SAMA releases 14B instruction-guided video editing with sparse anchor frames
SAMA is a new 14B open model for instruction-guided video editing that separates semantic anchoring from motion alignment and claims state-of-the-art open results. Track it if you need edits that change objects or style without wrecking motion.

TL;DR
- SAMA is a new 14B open model for instruction-guided video editing, and the release thread says it targets the usual hard tradeoff: changing content without breaking motion.
- According to the paper post, the model splits editing into semantic anchoring and motion alignment instead of treating both as one problem.
- The launch thread says SAMA is Apache 2.0 licensed and claims state-of-the-art performance among open-source video editing models.
What shipped
SAMA is pitched as a general video editor for object replacement, addition, removal, and style transfer. The core idea is sparse anchor frames: the model predicts semantic tokens and video latents at key frames, then uses a separate motion-focused module to carry those edits through time without the usual flicker or drift.

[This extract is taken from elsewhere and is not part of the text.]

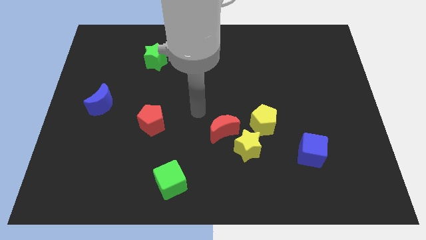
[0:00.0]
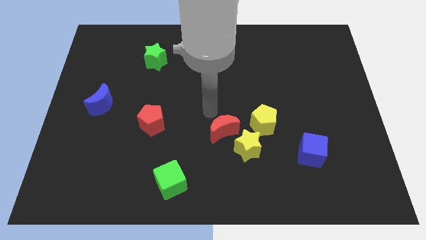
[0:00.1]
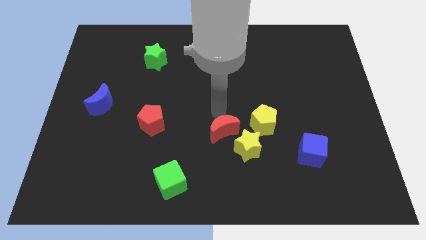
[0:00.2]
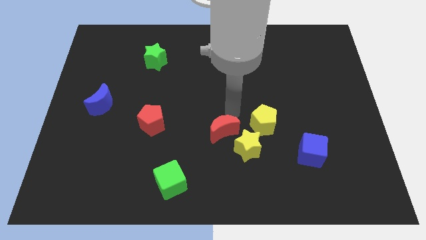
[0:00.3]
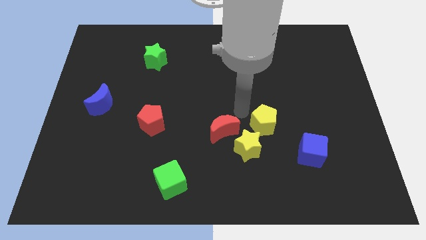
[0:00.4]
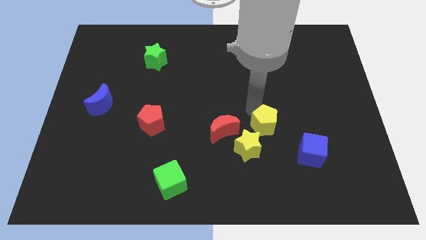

How the workflow is different
The paper describes a two-stage training setup. First, SAMA learns motion from raw video with restoration-style pretext tasks including cube inpainting, speed perturbation, and tube shuffling. Then it is fine-tuned on paired editing data for instruction following. That separation is the creative hook: it is designed for prompts that swap subjects or restyle scenes while keeping camera movement and scene dynamics intact, which is also what the supporting writeup highlights in its demo overview.